Activity: Set down each line of the data exactly, but not the pictures.

Supplied data:

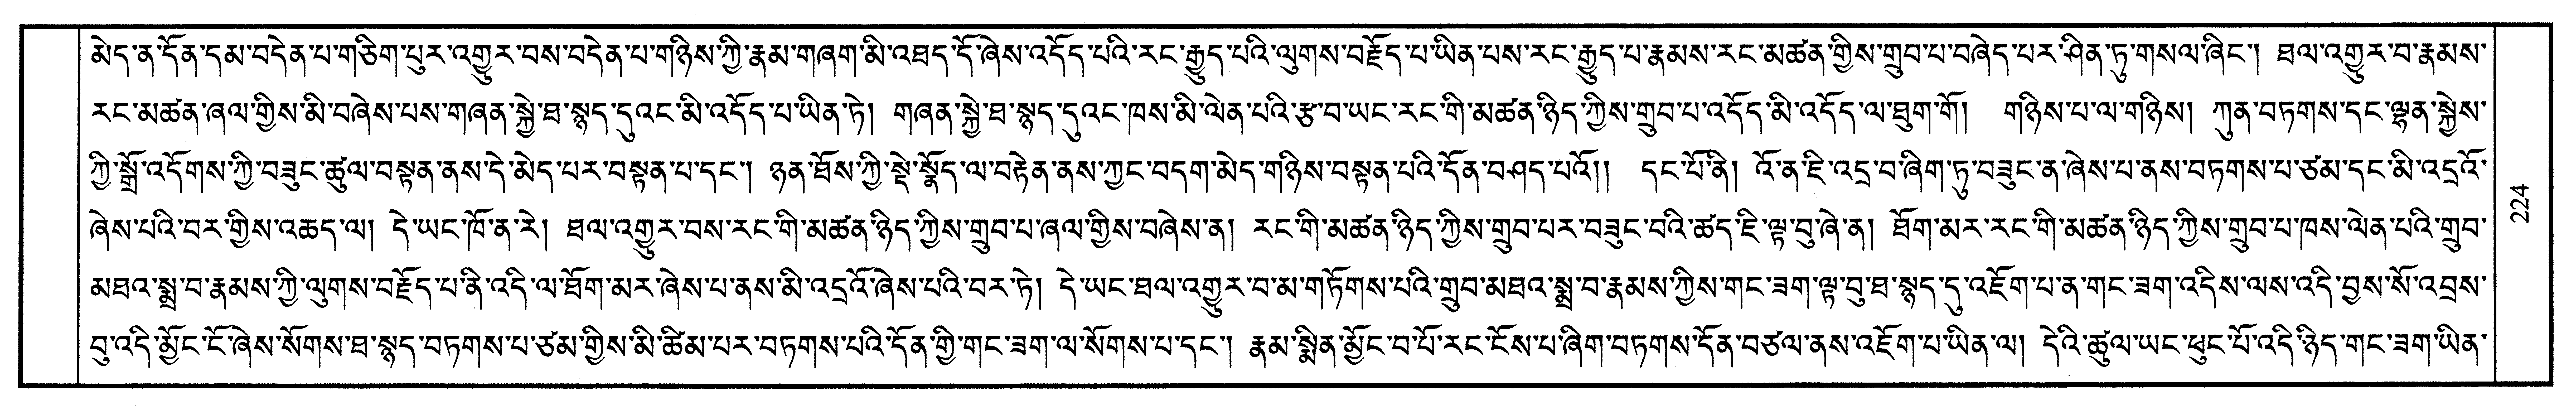མེད་ན་དོན་དམ་བདེན་པ་གཅིག་པུར་འགྱུར་བས་བདེན་པ་གཉིས་ཀྱི་རྣམ་གཞག་མི་འཐད་དོ་ཞེས་འདོད་པའི་རང་རྒྱུད་པའི་ལུགས་བརྗོད་པ་ཡིན་པས་རང་རྒྱུད་པ་རྣམས་རང་མཚན་གྱིས་གྲུབ་པ་བཞེད་པར་ཤིན་ཏུ་གསལ་ཞིང་། ཐལ་འགྱུར་བ་རྣམས་
རང་མཚན་ཞལ་གྱིས་མི་བཞེས་པས་གཞན་སྐྱེ་ཐ་སྙད་དུའང་མི་འདོད་པ་ཡིན་ཏེ། གཞན་སྐྱེ་ཐ་སྙད་དུའང་ཁས་མི་ལེན་པའི་རྩ་བ་ཡང་རང་གི་མཚན་ཉིད་ཀྱིས་གྲུབ་པ་འདོད་མི་འདོད་ལ་ཐུག་གོ། གཉིས་པ་ལ་གཉིས། ཀུན་བཏགས་དང་ལྷན་སྐྱེས་
ཀྱི་སྒྲོ་འདོགས་ཀྱི་བཟུང་ཚུལ་བསྟན་ནས་དེ་མེད་པར་བསྟན་པ་དང་། ཉན་ཐོས་ཀྱི་སྡེ་སྣོད་ལ་བརྟེན་ནས་ཀྱང་བདག་མེད་གཉིས་བསྟན་པའི་དོན་བཤད་པའོ།། དང་པོ་ནི། འོ་ན་ཇི་འདྲ་བ་ཞིག་ཏུ་བཟུང་ན་ཞེས་པ་ནས་བཏགས་པ་ཙམ་དང་མི་འདྲའོ་
ཞེས་པའི་བར་གྱིས་འཆད་ལ། དེ་ཡང་ཁོ་ན་རེ། ཐལ་འགྱུར་བས་རང་གི་མཚན་ཉིད་ཀྱིས་གྲུབ་པ་ཞལ་གྱིས་བཞེས་ན། རང་གི་མཚན་ཉིད་ཀྱིས་གྲུབ་པར་བཟུང་བའི་ཚད་ཇི་ལྟ་བུ་ཞེ་ན། ཐོག་མར་རང་གི་མཚན་ཉིད་ཀྱིས་གྲུབ་པ་ཁས་ལེན་པའི་གྲུབ་
མཐའ་སྨྲ་བ་རྣམས་ཀྱི་ལུགས་བརྗོད་པ་ནི་འདི་ལ་ཐོག་མར་ཞེས་པ་ནས་མི་འདྲའོ་ཞེས་པའི་བར་ཏེ། དེ་ཡང་ཐལ་འགྱུར་བ་མ་གཏོགས་པའི་གྲུབ་མཐའ་སྨྲ་བ་རྣམས་ཀྱིས་གང་ཟག་ལྟ་བུ་ཐ་སྙད་དུ་འཇོག་པ་ན་གང་ཟག་འདིས་ལས་འདི་བྱས་སོ་འབྲས་
བུ་འདི་མྱོང་ངོ་ཞེས་སོགས་ཐ་སྙད་བཏགས་པ་ཙམ་གྱིས་མི་ཚིམ་པར་བཏགས་པའི་དོན་གྱི་གང་ཟག་ལ་སོགས་པ་དང་། རྣམ་སྨིན་མྱོང་བ་པོ་རང་ངོས་པ་ཞིག་བཏགས་དོན་བཙལ་ནས་འཇོག་པ་ཡིན་ལ། དེའི་ཚུལ་ཡང་ཕུང་པོ་འདི་ཉིད་གང་ཟག་ཡིན་

Solution for this problem:
མེད་ན་དོན་དམ་བདེན་པ་གཅིག་པུར་འགྱུར་བས་བདེན་པ་གཉིས་ཀྱི་རྣམ་གཞག་མི་འཐད་དོ་ཞེས་འདོད་པའི་རང་རྒྱུད་པའི་ལུགས་བརྗོད་པ་ཡིན་པས་རང་རྒྱུད་པ་རྣམས་རང་མཚན་གྱིས་གྲུབ་པ་བཞེད་པར་ཤིན་ཏུ་གསལ་ཞིང་། ཐལ་འགྱུར་བ་རྣམས་
རང་མཚན་ཞལ་གྱིས་མི་བཞེས་པས་གཞན་སྐྱེ་ཐ་སྙད་དུའང་མི་འདོད་པ་ཡིན་ཏེ། གཞན་སྐྱེ་ཐ་སྙད་དུའང་ཁས་མི་ལེན་པའི་རྩ་བ་ཡང་རང་གི་མཚན་ཉིད་ཀྱིས་གྲུབ་པ་འདོད་མི་འདོད་ལ་ཐུག་གོ། གཉིས་པ་ལ་གཉིས། ཀུན་བཏགས་དང་ལྷན་སྐྱེས་
ཀྱི་སྒྲོ་འདོགས་ཀྱི་བཟུང་ཚུལ་བསྟན་ནས་དེ་མེད་པར་བསྟན་པ་དང་། ཉན་ཐོས་ཀྱི་སྡེ་སྣོད་ལ་བརྟེན་ནས་ཀྱང་བདག་མེད་གཉིས་བསྟན་པའི་དོན་བཤད་པའོ།། དང་པོ་ནི། འོ་ན་ཇི་འདྲ་བ་ཞིག་ཏུ་བཟུང་ན་ཞེས་པ་ནས་བཏགས་པ་ཙམ་དང་མི་འདྲའོ་
ཞེས་པའི་བར་གྱིས་འཆད་ལ། དེ་ཡང་ཁོ་ན་རེ། ཐལ་འགྱུར་བས་རང་གི་མཚན་ཉིད་ཀྱིས་གྲུབ་པ་ཞལ་གྱིས་བཞེས་ན། རང་གི་མཚན་ཉིད་ཀྱིས་གྲུབ་པར་བཟུང་བའི་ཚད་ཇི་ལྟ་བུ་ཞེ་ན། ཐོག་མར་རང་གི་མཚན་ཉིད་ཀྱིས་གྲུབ་པ་ཁས་ལེན་པའི་གྲུབ་
མཐའ་སྨྲ་བ་རྣམས་ཀྱི་ལུགས་བརྗོད་པ་ནི་འདི་ལ་ཐོག་མར་ཞེས་པ་ནས་མི་འདྲའོ་ཞེས་པའི་བར་ཏེ། དེ་ཡང་ཐལ་འགྱུར་བ་མ་གཏོགས་པའི་གྲུབ་མཐའ་སྨྲ་བ་རྣམས་ཀྱིས་གང་ཟག་ལྟ་བུ་ཐ་སྙད་དུ་འཇོག་པ་ན་གང་ཟག་འདིས་ལས་འདི་བྱས་སོ་འབྲས་
བུ་འདི་མྱོང་ངོ་ཞེས་སོགས་ཐ་སྙད་བཏགས་པ་ཙམ་གྱིས་མི་ཚིམ་པར་བཏགས་པའི་དོན་གྱི་གང་ཟག་ལ་སོགས་པ་དང་། རྣམ་སྨིན་མྱོང་བ་པོ་རང་ངོས་པ་ཞིག་བཏགས་དོན་བཙལ་ནས་འཇོག་པ་ཡིན་ལ། དེའི་ཚུལ་ཡང་ཕུང་པོ་འདི་ཉིད་གང་ཟག་ཡིན་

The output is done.